When you print the records below, keep every word exact and leave out the images.

Data listing:
§

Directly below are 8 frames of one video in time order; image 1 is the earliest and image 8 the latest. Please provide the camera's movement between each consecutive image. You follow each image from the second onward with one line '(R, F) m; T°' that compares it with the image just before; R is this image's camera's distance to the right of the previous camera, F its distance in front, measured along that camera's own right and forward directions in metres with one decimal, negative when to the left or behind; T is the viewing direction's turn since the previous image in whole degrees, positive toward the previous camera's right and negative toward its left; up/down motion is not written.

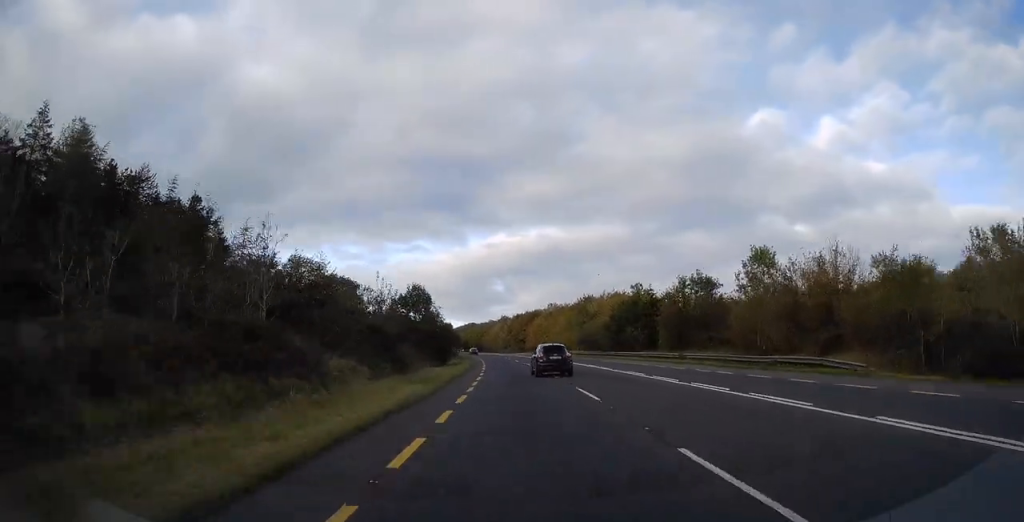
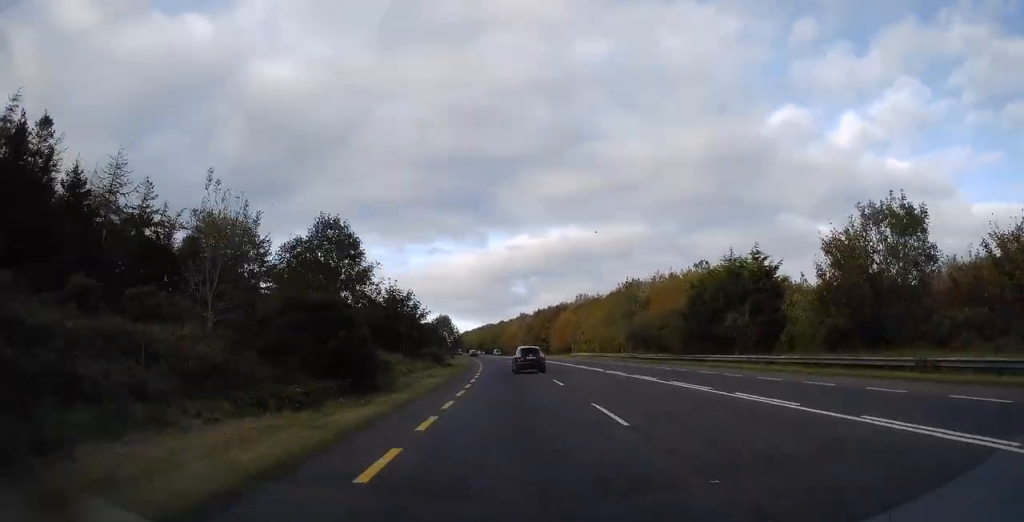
(-0.5, +29.5) m; -1°
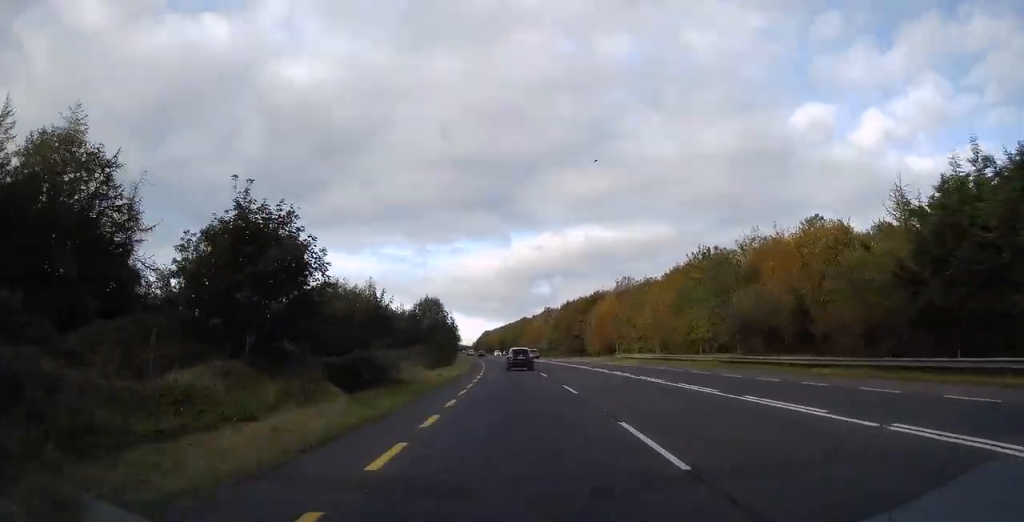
(-0.1, +27.3) m; -1°
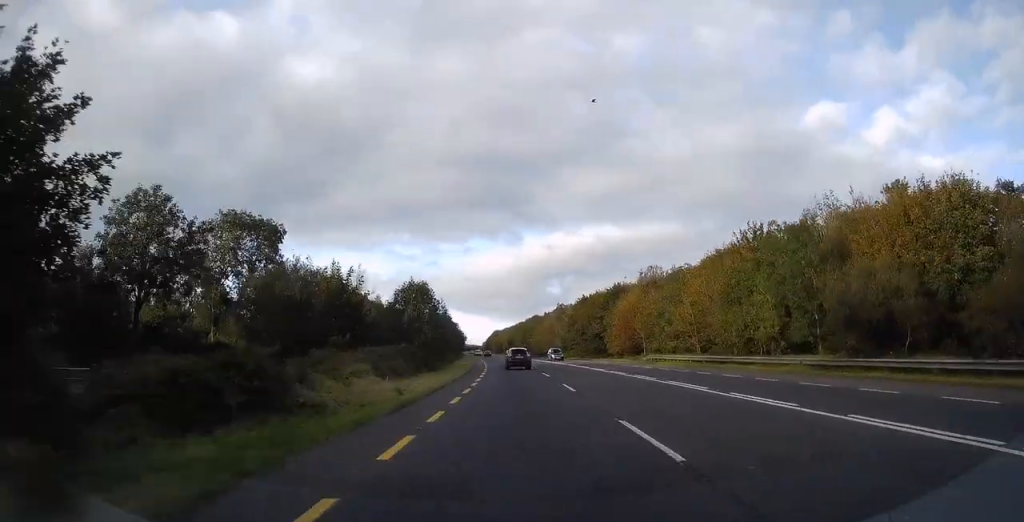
(-0.2, +11.8) m; -1°
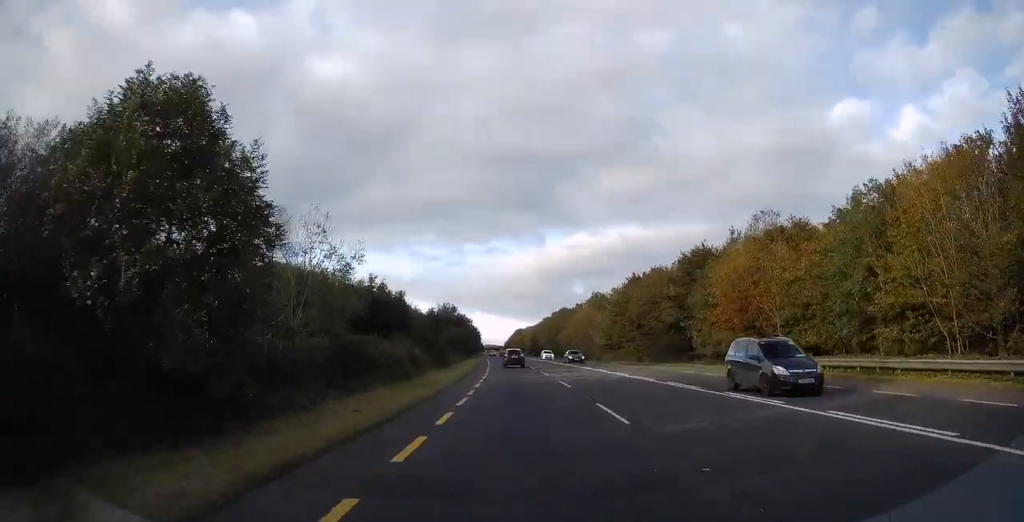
(-0.7, +32.3) m; -2°
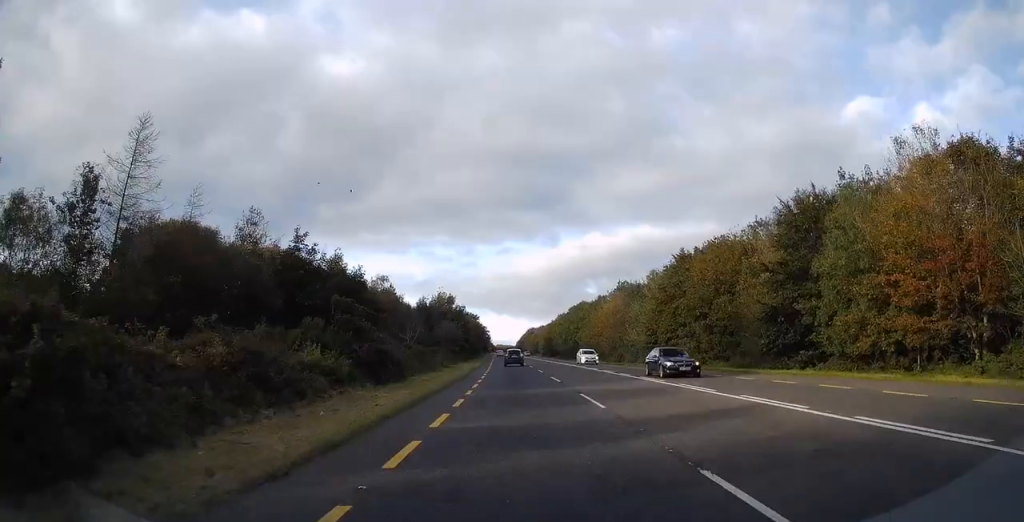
(-0.2, +20.5) m; -1°
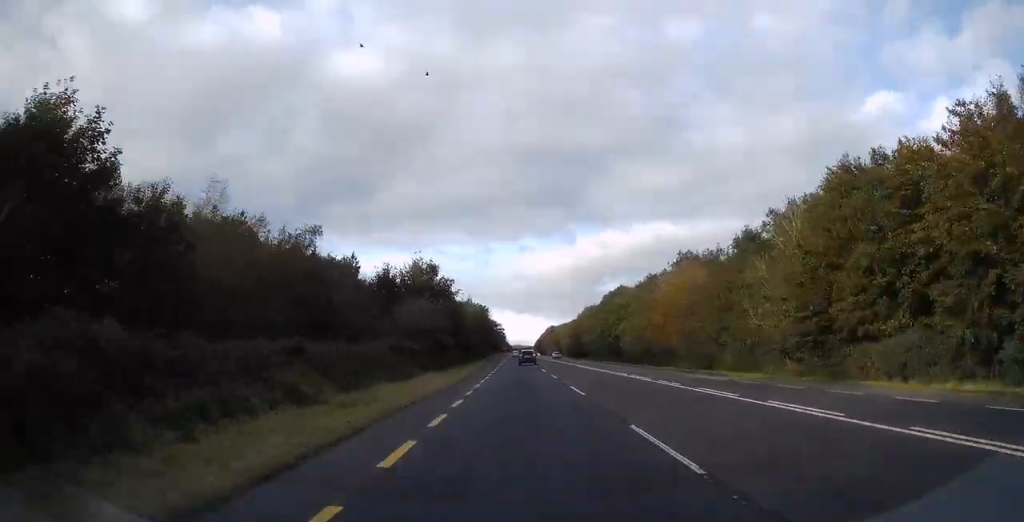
(-0.5, +32.1) m; -2°
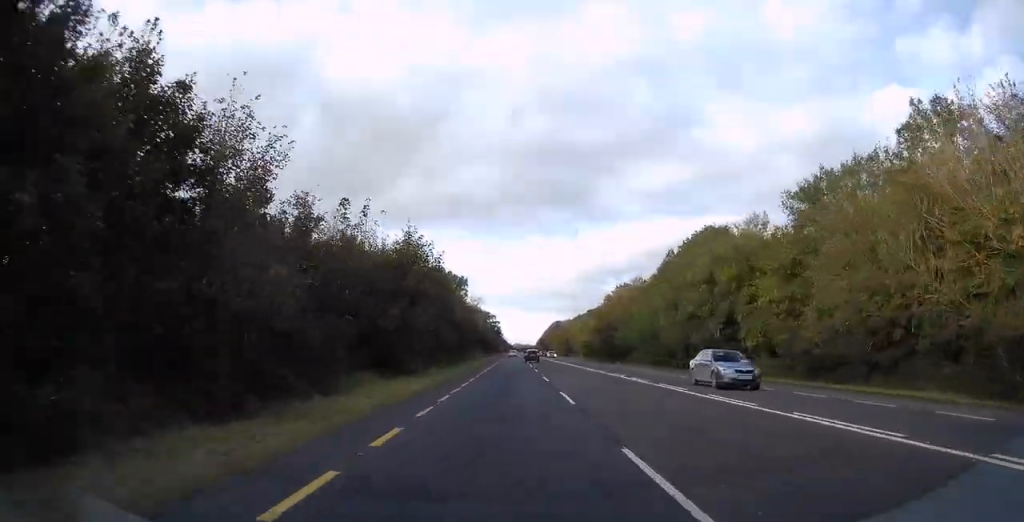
(-1.1, +50.3) m; -2°
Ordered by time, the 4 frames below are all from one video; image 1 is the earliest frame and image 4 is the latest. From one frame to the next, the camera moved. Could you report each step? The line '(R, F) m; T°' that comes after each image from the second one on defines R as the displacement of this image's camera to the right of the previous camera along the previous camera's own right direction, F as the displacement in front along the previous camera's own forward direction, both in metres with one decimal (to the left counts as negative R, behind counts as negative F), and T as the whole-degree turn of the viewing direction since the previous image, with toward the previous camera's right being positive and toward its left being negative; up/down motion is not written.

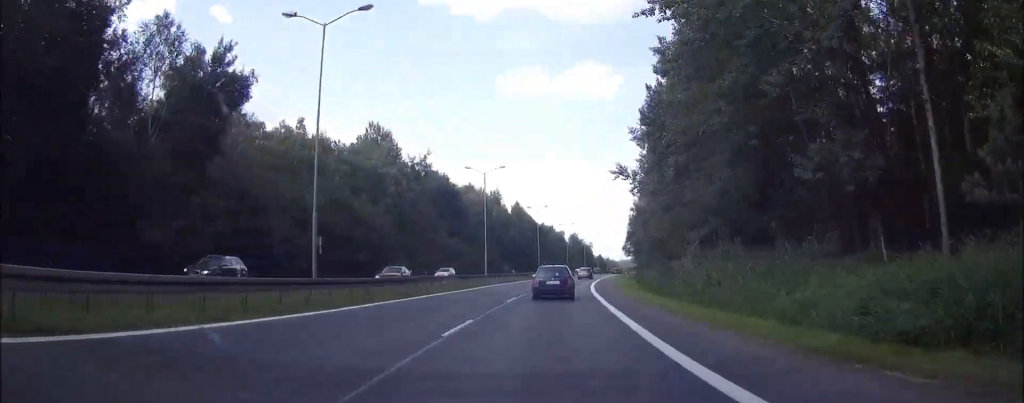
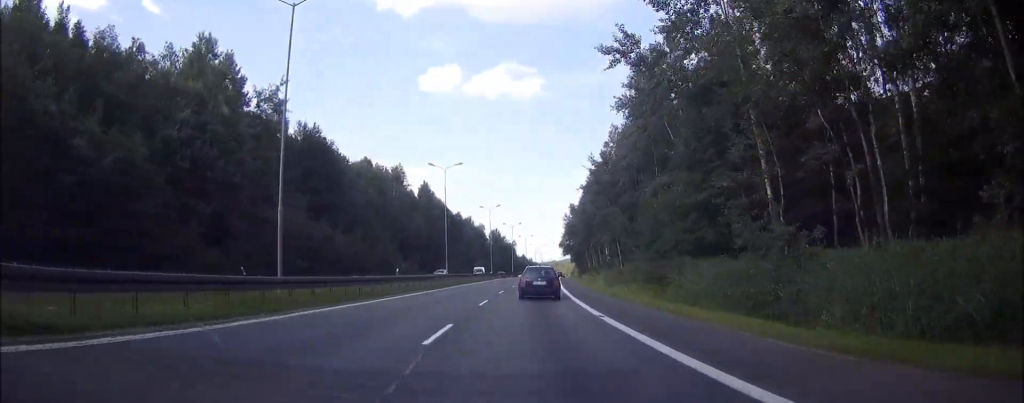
(+2.4, +42.6) m; +6°
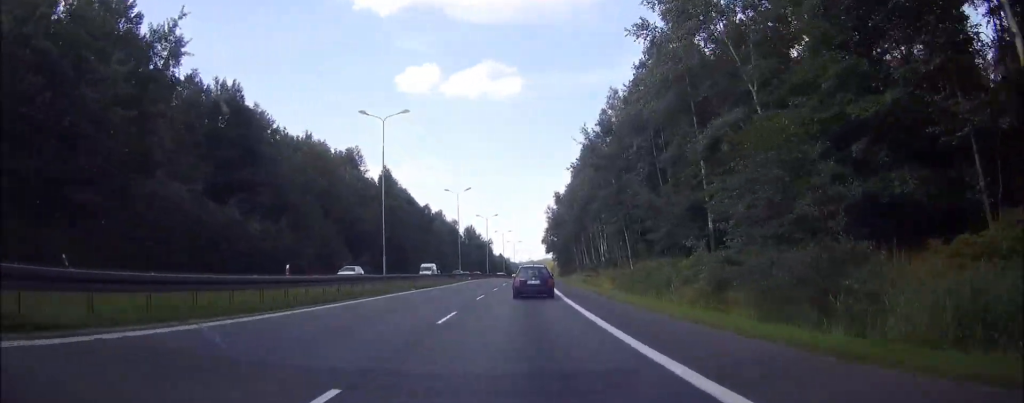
(+0.1, +21.3) m; 0°
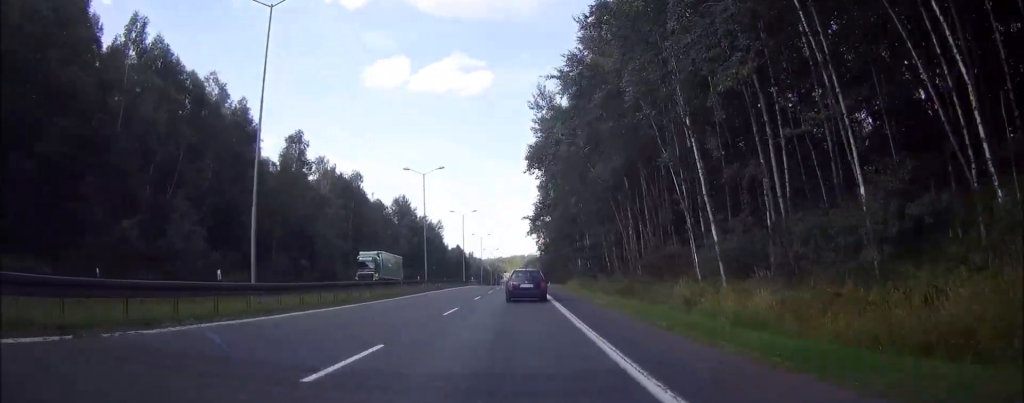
(+2.7, +97.7) m; +3°

§

Task output:
Directly below are 8 frames of one video in time order; image 1 is the earliest and image 8 the latest. Please provide the camera's movement between each consecutive image. You follow each image from the second onward with one line '(R, F) m; T°' that compares it with the image just before; R is this image's camera's distance to the right of the previous camera, F its distance in front, measured along that camera's own right and forward directions in metres with one decimal, negative when to the left or behind; T is the viewing direction's turn since the previous image in whole degrees, positive toward the previous camera's right and negative toward its left; up/down motion is not written.

(-0.5, +29.5) m; -1°
(-0.1, +27.3) m; -1°
(-0.2, +11.8) m; -1°
(-0.7, +32.3) m; -2°
(-0.2, +20.5) m; -1°
(-0.5, +32.1) m; -2°
(-1.1, +50.3) m; -2°
Ordered by time, the 4 frames below are all from one video; image 1 is the earliest frame and image 4 is the latest. From one frame to the next, the camera moved. Could you report each step? The line '(R, F) m; T°' that comes after each image from the second one on defines R as the displacement of this image's camera to the right of the previous camera along the previous camera's own right direction, F as the displacement in front along the previous camera's own forward direction, both in metres with one decimal (to the left counts as negative R, behind counts as negative F), and T as the whole-degree turn of the viewing direction since the previous image, with toward the previous camera's right being positive and toward its left being negative; up/down motion is not written.

(+2.4, +42.6) m; +6°
(+0.1, +21.3) m; 0°
(+2.7, +97.7) m; +3°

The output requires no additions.